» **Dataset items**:

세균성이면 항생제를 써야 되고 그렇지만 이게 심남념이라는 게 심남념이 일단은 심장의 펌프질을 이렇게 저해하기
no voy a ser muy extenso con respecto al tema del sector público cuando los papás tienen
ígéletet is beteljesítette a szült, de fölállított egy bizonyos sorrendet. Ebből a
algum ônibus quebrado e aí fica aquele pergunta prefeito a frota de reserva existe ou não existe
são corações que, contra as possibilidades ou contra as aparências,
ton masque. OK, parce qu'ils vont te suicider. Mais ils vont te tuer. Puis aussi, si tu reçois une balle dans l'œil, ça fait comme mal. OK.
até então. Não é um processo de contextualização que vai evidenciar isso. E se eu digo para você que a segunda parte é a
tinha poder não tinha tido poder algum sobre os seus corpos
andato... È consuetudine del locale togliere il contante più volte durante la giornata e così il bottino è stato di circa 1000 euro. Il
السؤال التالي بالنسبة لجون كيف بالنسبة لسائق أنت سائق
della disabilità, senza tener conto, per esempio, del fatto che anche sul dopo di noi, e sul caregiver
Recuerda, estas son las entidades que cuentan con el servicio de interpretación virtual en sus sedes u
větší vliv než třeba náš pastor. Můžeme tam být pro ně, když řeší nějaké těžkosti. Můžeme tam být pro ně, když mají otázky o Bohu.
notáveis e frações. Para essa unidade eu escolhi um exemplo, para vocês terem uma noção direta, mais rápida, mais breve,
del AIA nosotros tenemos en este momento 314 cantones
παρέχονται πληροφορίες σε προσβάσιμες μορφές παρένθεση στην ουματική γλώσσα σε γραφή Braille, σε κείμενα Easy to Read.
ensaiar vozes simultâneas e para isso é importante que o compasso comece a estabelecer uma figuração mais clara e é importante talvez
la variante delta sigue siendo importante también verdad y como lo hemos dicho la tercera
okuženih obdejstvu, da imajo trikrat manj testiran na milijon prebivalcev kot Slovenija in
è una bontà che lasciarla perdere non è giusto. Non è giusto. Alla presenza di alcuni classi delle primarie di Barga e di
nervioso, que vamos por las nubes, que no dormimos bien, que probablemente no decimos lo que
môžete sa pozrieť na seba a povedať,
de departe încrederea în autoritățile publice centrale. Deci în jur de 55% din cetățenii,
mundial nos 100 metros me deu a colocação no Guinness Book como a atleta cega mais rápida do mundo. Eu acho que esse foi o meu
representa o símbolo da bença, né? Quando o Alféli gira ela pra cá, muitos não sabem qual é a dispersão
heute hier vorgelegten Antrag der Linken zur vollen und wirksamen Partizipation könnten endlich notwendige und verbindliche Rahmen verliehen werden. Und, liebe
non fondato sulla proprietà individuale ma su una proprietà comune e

» **DESCRIPTION OF THE TASK**: Above this instruction are the records; retype exactly the lines from the one containing "andato... È consuetudine" up to and including the one containing "de departe încrederea".

» **ANSWER SPACE**:
andato... È consuetudine del locale togliere il contante più volte durante la giornata e così il bottino è stato di circa 1000 euro. Il
السؤال التالي بالنسبة لجون كيف بالنسبة لسائق أنت سائق
della disabilità, senza tener conto, per esempio, del fatto che anche sul dopo di noi, e sul caregiver
Recuerda, estas son las entidades que cuentan con el servicio de interpretación virtual en sus sedes u
větší vliv než třeba náš pastor. Můžeme tam být pro ně, když řeší nějaké těžkosti. Můžeme tam být pro ně, když mají otázky o Bohu.
notáveis e frações. Para essa unidade eu escolhi um exemplo, para vocês terem uma noção direta, mais rápida, mais breve,
del AIA nosotros tenemos en este momento 314 cantones
παρέχονται πληροφορίες σε προσβάσιμες μορφές παρένθεση στην ουματική γλώσσα σε γραφή Braille, σε κείμενα Easy to Read.
ensaiar vozes simultâneas e para isso é importante que o compasso comece a estabelecer uma figuração mais clara e é importante talvez
la variante delta sigue siendo importante también verdad y como lo hemos dicho la tercera
okuženih obdejstvu, da imajo trikrat manj testiran na milijon prebivalcev kot Slovenija in
è una bontà che lasciarla perdere non è giusto. Non è giusto. Alla presenza di alcuni classi delle primarie di Barga e di
nervioso, que vamos por las nubes, que no dormimos bien, que probablemente no decimos lo que
môžete sa pozrieť na seba a povedať,
de departe încrederea în autoritățile publice centrale. Deci în jur de 55% din cetățenii,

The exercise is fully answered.